I’m sick of people. The less I have to do with them for the rest of my life the better. I don’t care if I die.
*
“J. P. Donleavy, author of the stunning novel, The Ginger Man, was born in Brooklyn, grew up in the Bronx, then went to Dublin and studied at Trinity College. He must have come back to his native soil for a time, for the dust cover of his novel says it was mostly written in the Bronx and in Boston, but wherever it was done, he did it with the love of Dublin ways in his heart, and the beat of Dublin talk in his head. Though I also have a complete set of less-engaging leaning—I think that it will be many a day before I come upon one anywhere near as brilliant as The Ginger Man. And when I do, I think it will be written by Mr. Donleavy.
“The word ‘picaresque’ is somehow irksome to me, but I am afraid it is necessary now—we all have to make sacrifices sometimes. So here goes: The Ginger Man is the picaresque novel to stop them all. Lusty, violent, wildly funny, it is a rigadoon of rascality, a bawled-out comic song of sex. A critic in England—where the book has gone great guns—calls it ‘an unmistakable contribution to the theme of the “angry young men,” ‘ but a biographical note explains that Mr. Donleavy does not like that, nor should he. His is not an angry book, unless, of course, you want to dislocate your arm reaching for the postulate that outrageous behavior is a form of furious protest. (I understand, by the way, that all the so-called angry young men are insulted by the group title. I do not see why they resent it—certainly if any generation has the right to anger, it is theirs.) But there is surely no indignation in good, honest bawdiness; and it is undeniable that The Ginger Man is as bawdy as they come. If there are those who are shocked by it, I am tempted to say, ‘All right, go ahead and be shocked.’ I believe, as a matter of fact, I shall yield to that temptation, and utter those devastating words any minute.
“Another English critic says that Mr. Donleavy’s style is a mixture of Henry Miller and James Joyce—the Joyce influence I can see, of course, but the Henry Miller connection is a puzzlement to me. (It is only fair to admit that for a long time everything about Henry Miller was a puzzlement to me. But then a large dog, in a welcoming ovation after we had been parted for easily quarter of an hour, jumped on me and knocked me backward, causing concussion. It may be that from that unpremeditated crash stems my present winsome inability to remember a telephone number for the time elapsing between the telephone book and the dial, the then effect was to confer double vision upon me for some days. I employed those days in trying again at Mr. Miller’s works, and got along swimmingly.)
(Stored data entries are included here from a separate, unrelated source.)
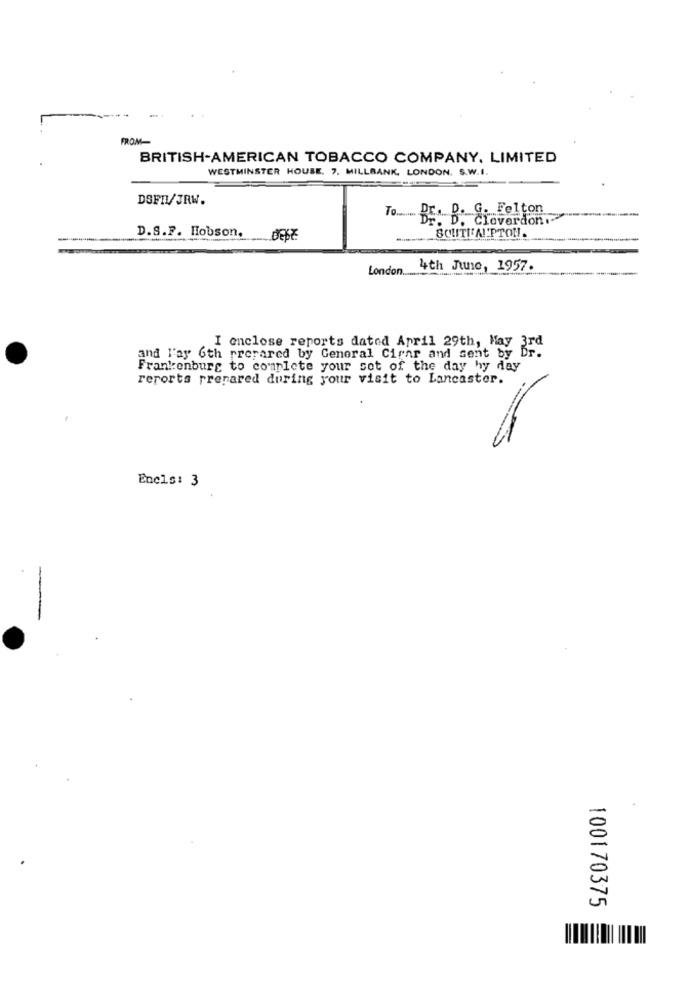
---
FROM
BRITISH-AMERICAN TOBACCO COMPANY, LIMITED
WESTMINSTER HOUSE. 7. MILLBANK, LONDON, S.W.I.
DSFRI/JRW.
To ...... DE. B. G. Felton
Cloverdon
SOUTHAMPTON.
D.S.F. Hobson.
London ...
4th June, 1957.
I enclose reports dated April 29th, May 3rd
and l'ay 6th prepared by General Cirar and sent by Dr.
Frankenburg to complete your set of the day hy day
reports prepared during your visit to Lancaster.
Encls: 3
100170375
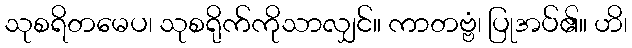
သုစရိတမေပ၊ သုစရိုက်ကိုသာလျှင်။ ကာတဗ္ဗံ၊ ပြုအပ်၏။ ဟိ၊
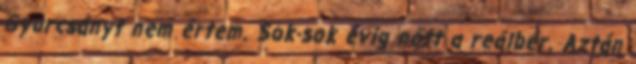
Gyurcsányt nem értem. Sok-sok évig nőtt a reálbér. Aztán
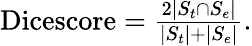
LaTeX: \begin{array}{r}{\textrm{Dicescore}=\frac{2|S_{t}\cap S_{e}|}{|S_{t}|+|S_{e}|}.}\end{array}
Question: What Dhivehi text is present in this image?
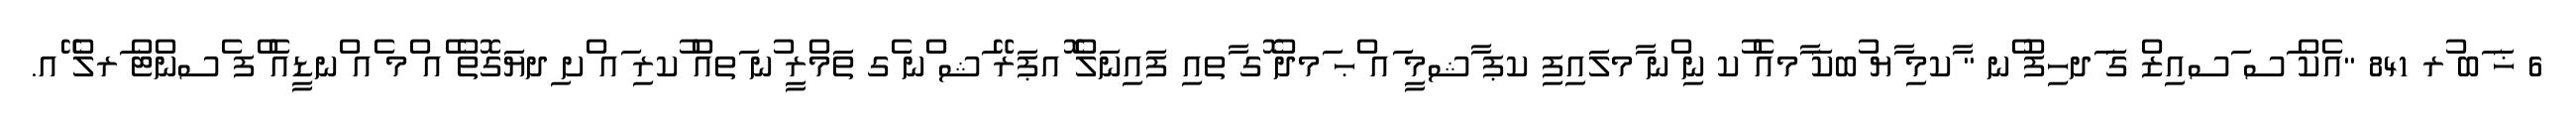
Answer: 6 ޚަ ަބ ުރ 841 "އެކް ަސ ަސއިޒް ގަ ަދހިފު ްނ " ާކމި ާޔ ުބކަ ާމއެ ުކ ނި ްނ ާމލައިފި ކޕ ާޝމީ ައ ްޙ ަމދު ޮގ ާތއި ފައިނަލް ޮއޕަރޭ ަޝ ްނ ެގ ތަމްރީ ުނ ަތއް ުކރި ައ ްށ ިދޔަގޮތް ެއ ްމ ެއ ްނޑީއެ ްފ ެސންޓް ަރލް ޭއ.
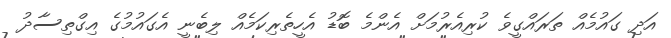
އަދި ގައުމެއް ތަރައްގީވެ ކުރިއެރުމަށް އެންމެ ބޮޑު އެހީތެރިކަމެއް ލިބެނީ އެގައުމުގެ އިގްތިސާދު
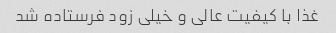
غذا با کیفیت عالی و خیلی زود فرستاده شد

“To me The Ginger Man brings a faint suggestion in its preposterous humor of what Samuel Beckett’s Murphy might have been if Mr. Beckett hadn’t gone and got himself all snagged up in convoluted writing, or perhaps a hazy memory of Joyce Cary’s fine novel The Horse’s Mouth, though Mr. Donleavy’s Sebastian Dangerfield makes Joyce Cary’s scoundrel look like teacher’s pet. But this is just straining on my part. Mr. Donleavy’s book in style and matter need pull the forelock to nobody on earth but to Mr. Donleavy.”